Different requirements apply in many states to drivers under DUI probation, in which case participation in a preliminary breath test (PBT) may be a condition of probation, and for commercial drivers under "drug screening" requirements.  Some US states, notably California, have statutes on the books penalizing PBT refusal for drivers under 21; however the Constitutionality of those statutes has not been tested.  (As a practical matter, most criminal lawyers advise not engaging in discussion or "justifying" a refusal with the police.)

In Canada, PBT refusal may be considered a refusal offense under Canada Criminal Code § 254.  The status of PBT refusal in Australia is unclear, although in Western Australia it appears to mandate submission to PBTs under the Road Traffic Act 1974.  (National states without probable cause or "reasonable grounds" requirements are of course likely to be less restrictive on PBT/PAS requirements.)

Limitations and criticism 

FSTs are considered subjective.  Additionally, their applicability to large segments of the population is limited.

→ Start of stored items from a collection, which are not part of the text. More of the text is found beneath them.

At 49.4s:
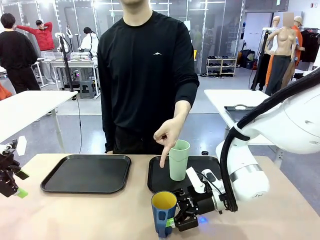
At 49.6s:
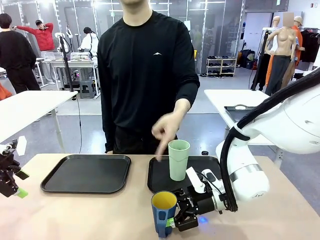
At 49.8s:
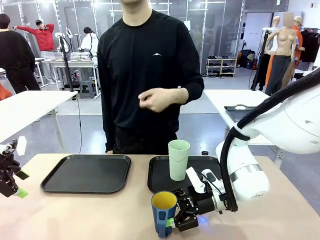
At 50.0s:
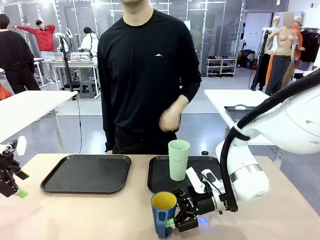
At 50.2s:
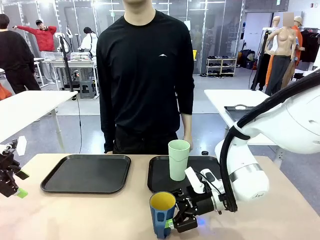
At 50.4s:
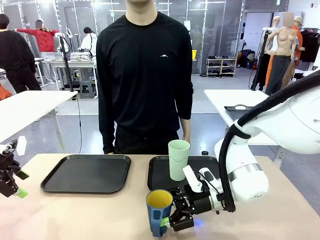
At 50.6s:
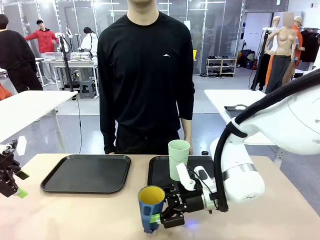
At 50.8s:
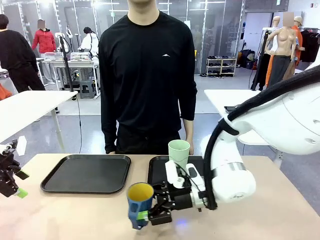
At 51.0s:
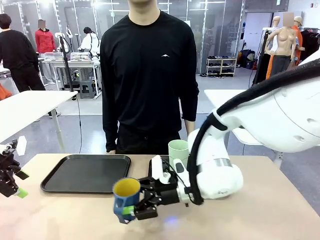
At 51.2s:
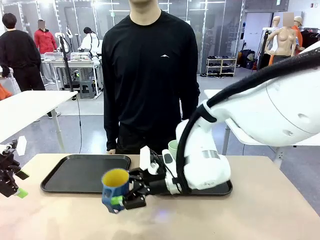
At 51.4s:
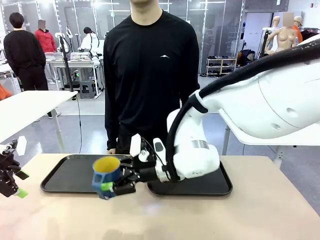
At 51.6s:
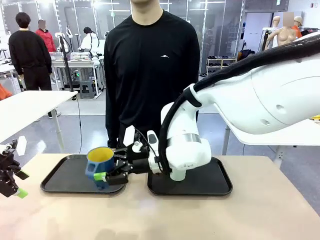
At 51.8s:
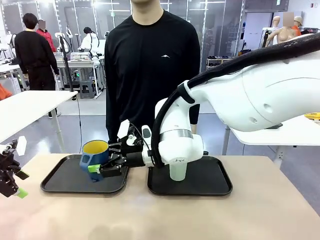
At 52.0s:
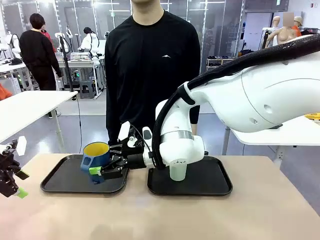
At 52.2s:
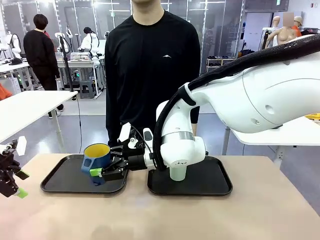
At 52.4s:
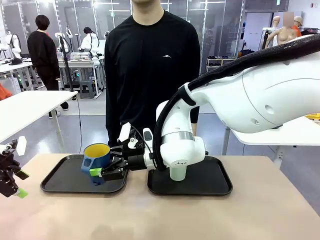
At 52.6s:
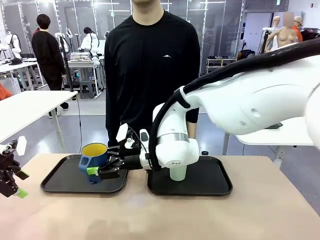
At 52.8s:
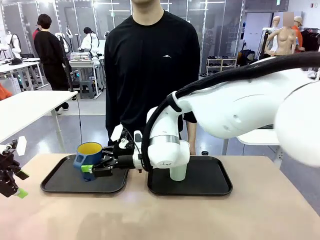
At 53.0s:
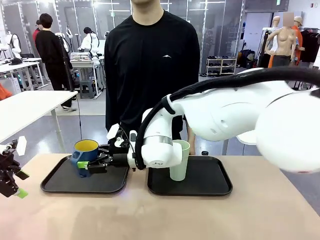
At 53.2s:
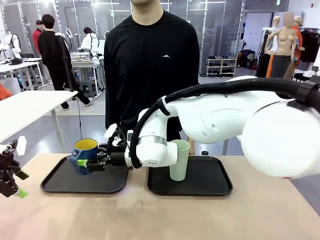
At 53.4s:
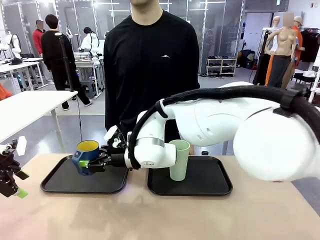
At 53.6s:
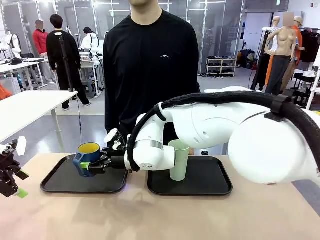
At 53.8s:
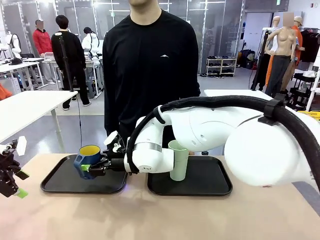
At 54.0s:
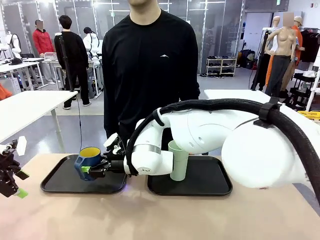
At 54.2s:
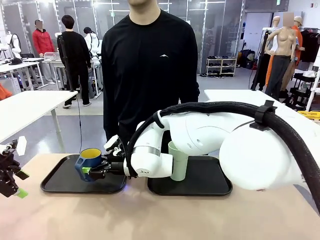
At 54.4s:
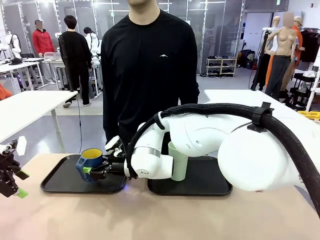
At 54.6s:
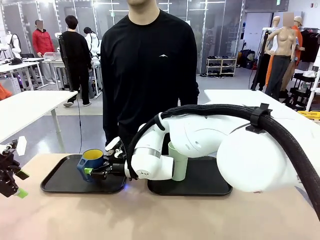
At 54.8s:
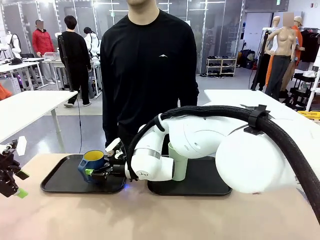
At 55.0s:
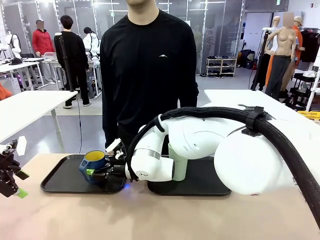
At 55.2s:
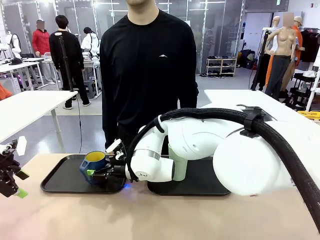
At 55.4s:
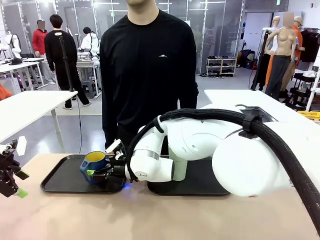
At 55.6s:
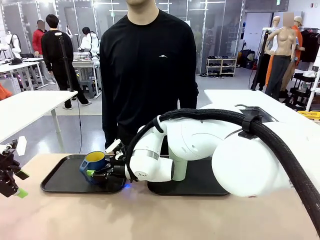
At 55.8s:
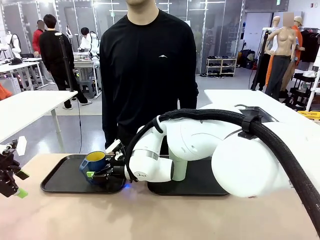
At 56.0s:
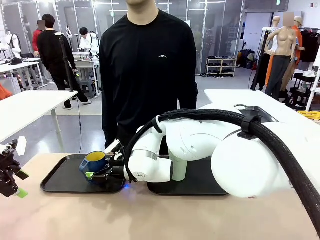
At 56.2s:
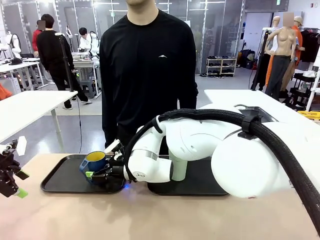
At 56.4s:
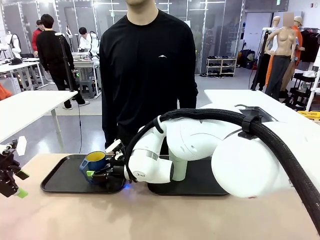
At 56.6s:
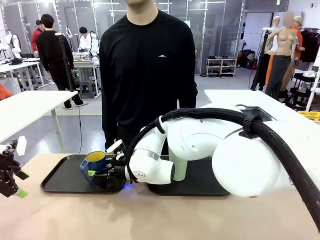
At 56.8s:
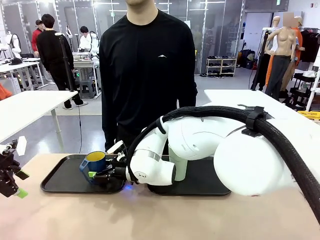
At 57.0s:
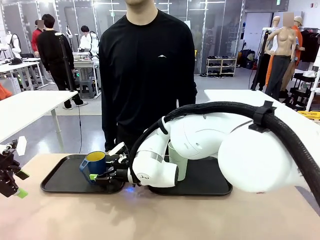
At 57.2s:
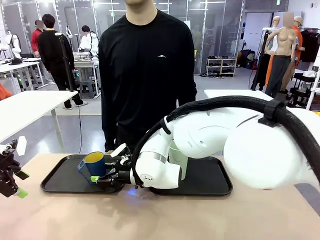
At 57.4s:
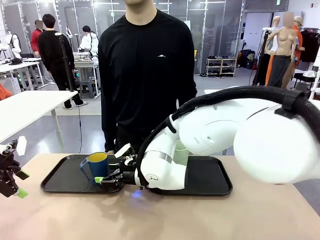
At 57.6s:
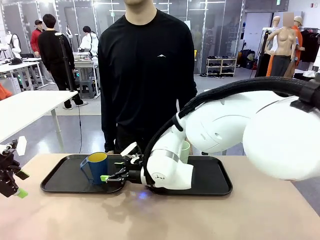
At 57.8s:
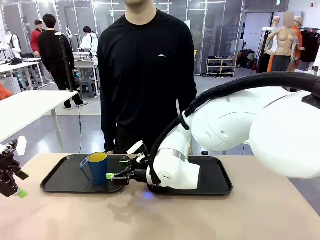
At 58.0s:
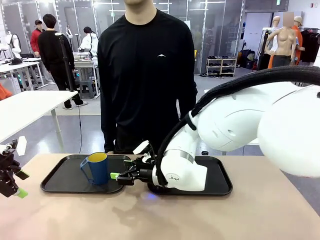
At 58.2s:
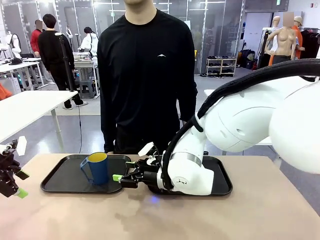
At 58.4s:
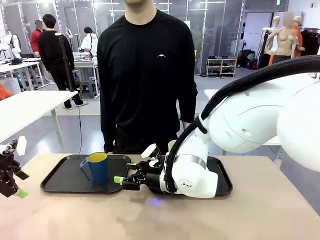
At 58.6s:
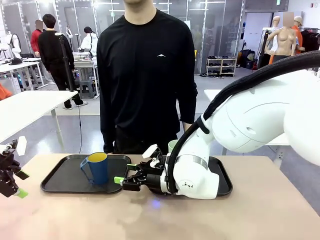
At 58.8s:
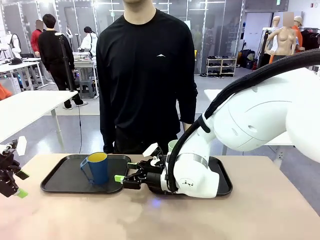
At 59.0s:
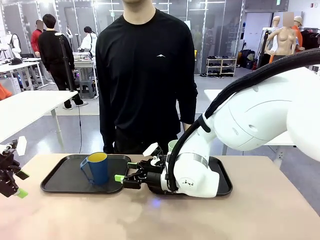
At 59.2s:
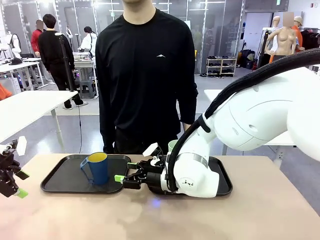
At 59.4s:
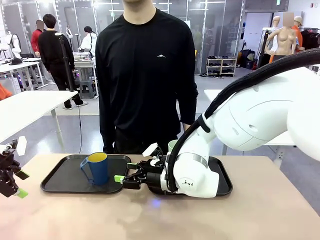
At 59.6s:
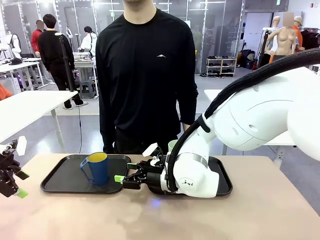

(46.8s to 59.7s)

Critics of standardized field sobriety tests often question the statistical evidence behind them, and the ability of the officers to administer the tests and actually judge for impairments related to alcohol.  According to Barone, one study involved completely sober individuals who were asked to perform the standardized field sobriety tests, and their performances were videotaped. "After viewing the 21 videos of sober individuals taking the standardized field tests, the police officers believed that forty-six percent of the individuals had 'too much to drink'".  The NHTSA's 1977 study had an error rate of 47 percent, and the 1981 study had an error rate of 32 percent, which is considered unusually high for a scientific study.

One of the main criticisms of field sobriety tests is that the judgment is left up to the discretion of the police officer.  An officer may have some bias towards a suspect and judge the test more critically than necessary.  Additionally, it is almost impossible to tell whether or not a police officer used proper procedures for administering the field sobriety test when a case is brought to court.  The original research conducted by the NHTSA is often disputed because of the manner in which they were conducted and the conclusions that were reported.

One author alleges that FSD analysis reports do not meet scientific peer review standards: "The reports for all three studies issued by NHTSA are lacking much of the material and analysis expected in a scientific paper, and none have been published in peer-reviewed journals" (Rubenzer 2008; Rubenzer 2011).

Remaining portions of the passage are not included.